Potential pitfalls of CRISPR/Cas9-mediated genome editing.

Peng R1,2, Lin G1, Li J1.

Author information

1
National Center for Clinical Laboratories, Beijing Hospital, Beijing, China.
2
Graduate School, Peking Union Medical College, Chinese Academy of Medical Sciences, Beijing, China.

Abstract

Recently, a novel technique named the clustered regularly interspaced short palindromic repeat (CRISPR)/CRISPR-associated protein (Cas)9 system has been rapidly developed. This genome editing tool has improved our ability tremendously with respect to exploring the pathogenesis of diseases and correcting disease mutations, as well as phenotypes. With a short guide RNA, Cas9 can be precisely directed to target sites, and functions as an endonuclease to efficiently produce breaks in DNA double strands. Over the past 30 years, CRISPR has evolved from the 'curious sequences of unknown biological function' into a promising genome editing tool. As a result of the incessant development in the CRISPR/Cas9 system, Cas9 co-expressed with custom guide RNAs has been successfully used in a variety of cells and organisms.
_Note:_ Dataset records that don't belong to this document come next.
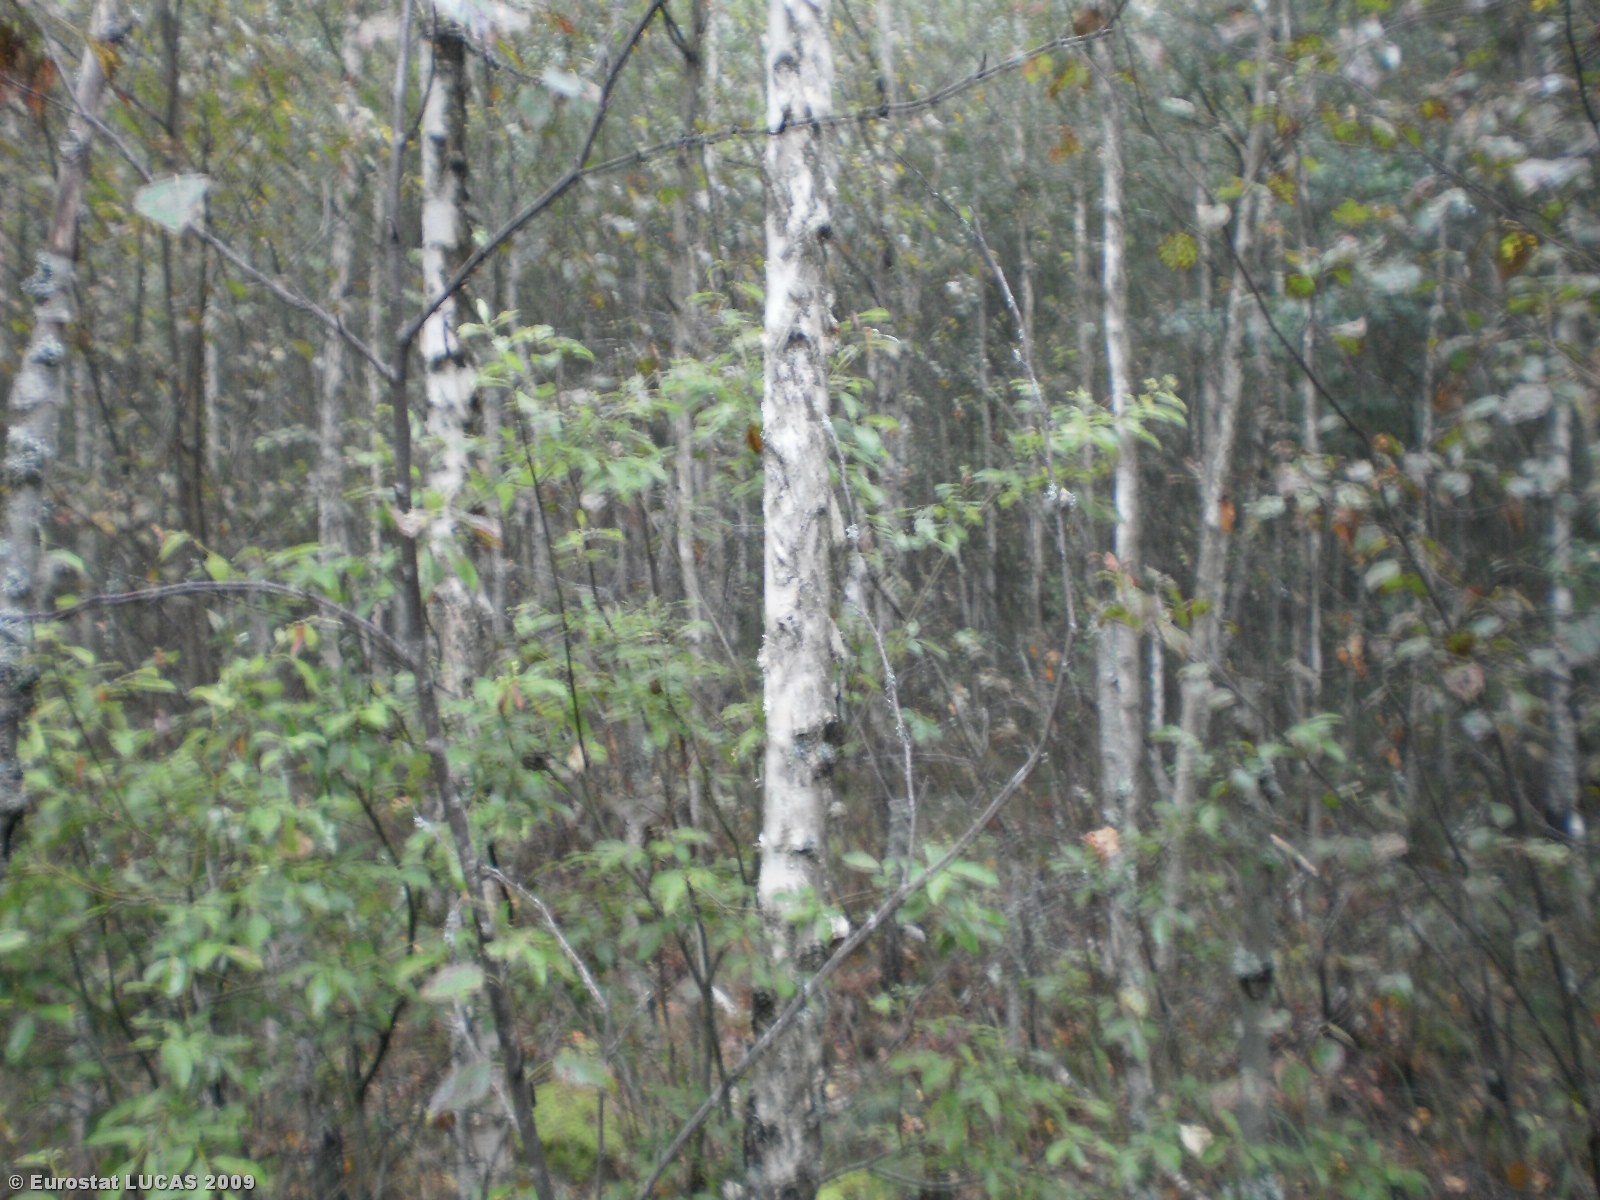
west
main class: Woodland
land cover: Broadleaved woodland
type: mire and swamp forests
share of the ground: > 75 %
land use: Forestry
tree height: > 5 m
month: August
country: LT
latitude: 55.3670
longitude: 25.6378

This genome editing technology can also be applied to synthetic biology, functional genomic screening, transcriptional modulation and gene therapy. However, although CRISPR/Cas9 has a broad range of action in science, there are several aspects that affect its efficiency and specificity, including Cas9 activity, target site selection and short guide RNA design, delivery methods, off-target effects and the incidence of homology-directed repair. In the present review, we highlight the factors that affect the utilization of CRISPR/Cas9, as well as possible strategies for handling any problems. Addressing these issues will allow us to take better advantage of this technique. In addition, we also review the history and rapid development of the CRISPR/Cas system from the time of its initial discovery in 2012.

KEYWORDS:

CRISPR/Cas systems; Cas9; DNA cleavage; gene targeting; genome editing; potential pitfalls; sgRNA; target specificity

PMID:
26535798
DOI:
10.1111/febs.13586
[Indexed for MEDLINE]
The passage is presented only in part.